This is the policy the newsroom works to. It spells out what we will and will not run as a fact, what an editor has to sign off before a piece publishes, how complaints and corrections are handled, and how AI tools sit in the workflow. If we fall short of what is written here, that is a mistake on our part and we want to hear about it.

The beat

Trending Sheet Australia writes for readers living in Australia. The remit is the stuff that lands in an Australian household: interest rates, mortgage and rent pressure, Centrelink and Services Australia changes, energy bills and retailer price steps, Medicare and bulk billing, the ATO calendar, workplace and Fair Work matters, transport and weather disruption, and the state-level policy calls that move any of those. That is the lane.

Sources we will stand behind

Every factual claim in a piece has to land on a source we can point to by name. Our hierarchy:

  1. Primary sources. Commonwealth and state government publications. The Reserve Bank of Australia, the Australian Bureau of Statistics, the Australian Taxation Office, Services Australia, Centrelink, Medicare, the Fair Work Ombudsman, the Fair Work Commission, the Australian Energy Regulator, APRA, ASIC, the Department of Home Affairs, the Bureau of Meteorology, and the state-level equivalents (for example ESC in Victoria, IPART in NSW, ICRC in the ACT).
  2. Tier-1 Australian wire and mastheads. ABC News, AAP, The Sydney Morning Herald, The Age, The Australian, Guardian Australia, Nine News, SBS News, Sky News Australia, News.com.au for original reporting, and the Australian Financial Review for finance and markets.
  3. On-the-record statements. Named company announcements to the ASX or via corporate affairs, named union statements, named MPs and ministers, court filings and judgments.

A claim that does not reach at least one of those tiers does not run. If we can only find a summary and cannot locate the original, we either chase the original or cut the paragraph.

What the editor checks before a piece goes live

  • Every number, percentage, and dollar figure matches the primary source, including the effective date and the geographic scope (national, state, city, postcode).
  • Every name, organisation, electorate, and title is spelled and formatted the way the primary source spells it.
  • Every quote is verbatim and attributed to an identifiable person or organisation.
  • Forecasts, analyst estimates, and market expectations are labelled as forecasts in the copy rather than presented as settled facts.
  • Where credible sources disagree, we name both and spell out the disagreement in the article.
  • The Sources block at the end of the article lists every source used, with outbound links to the primary where possible.

AI and the newsroom

The draft is written by a person. AI tools are used for copy editing, for generating illustrative hero artwork, and for the voice narration on our short-form video clips. AI is not used to pick stories, draft copy, verify facts, or generate opinion. The detail, including what each AI tool does and does not touch, is on the AI and Editorial Disclosure page.

Your Money, Your Life

Articles about health, tax, superannuation, Centrelink, Medicare, insurance, and legal matters are checked line by line against the authoritative source: Healthdirect, the myGov and Services Australia portals, the ATO, MoneySmart, the APRA register, Law Council of Australia material, and state health department pages. We report what a policy or rule says and point readers to where they can get advice that is tailored to them. We do not give personal financial, tax, medical, or legal advice ourselves, and no article on this site should be read as a substitute for a professional who knows your circumstances.

Unnamed sources

We will only run information from an unnamed source when the material is in the public interest, there is a genuine reason the source cannot go on the record, and a second source has corroborated the substance. Where an article relies on an unnamed source, the article says so and explains why.

Right of reply

Anyone named in an article, including businesses and public bodies, can respond on the record.
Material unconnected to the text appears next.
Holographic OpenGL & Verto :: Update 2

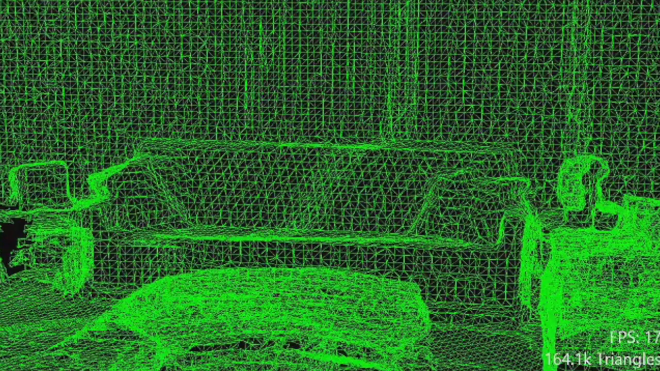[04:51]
And then what you can do is you can render that room into the depth buffer.
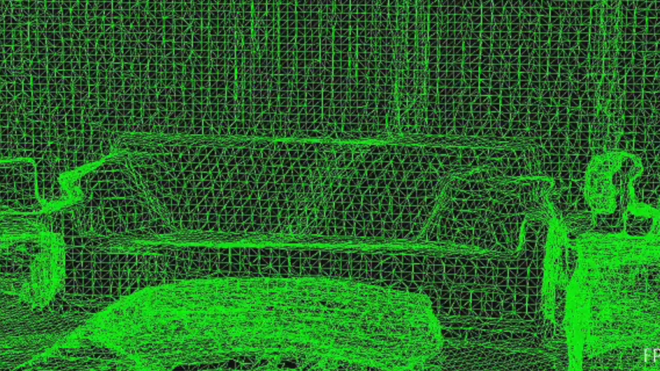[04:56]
So you draw it in a way that you don't really see it but it still is occluding objects that might be behind it.

Send the response through the Contact page. Depending on what the facts require, we will either add the response to the article, amend the piece, or run a follow-up.

Corrections and complaints

Tell us when we get something wrong. We will correct the article, add a dated correction note at the bottom explaining what changed, and if the error was material we will flag it at the top. The original publication timestamp stays. We do not quietly edit published work.

To flag an error or lodge a complaint, use the Contact page.

Advertising and independence

Trending Sheet Australia is independently owned and edited from outside the advertising business. The site carries display advertising via Google AdSense, and the newsletter may carry sponsor placements via Beehiiv. Advertisers and sponsors have no say in story selection, framing, or publication timing. Any sponsor placement in the feed or newsletter is labelled. We do not accept payment for favourable coverage, and we do not take down accurate stories because someone does not like them.

Who is responsible for a piece

Every article is signed off by an editor. Where a piece carries the institutional byline Trending Sheet Editorial, the responsible editor has read and approved the article against this standard. They are accountable for that article.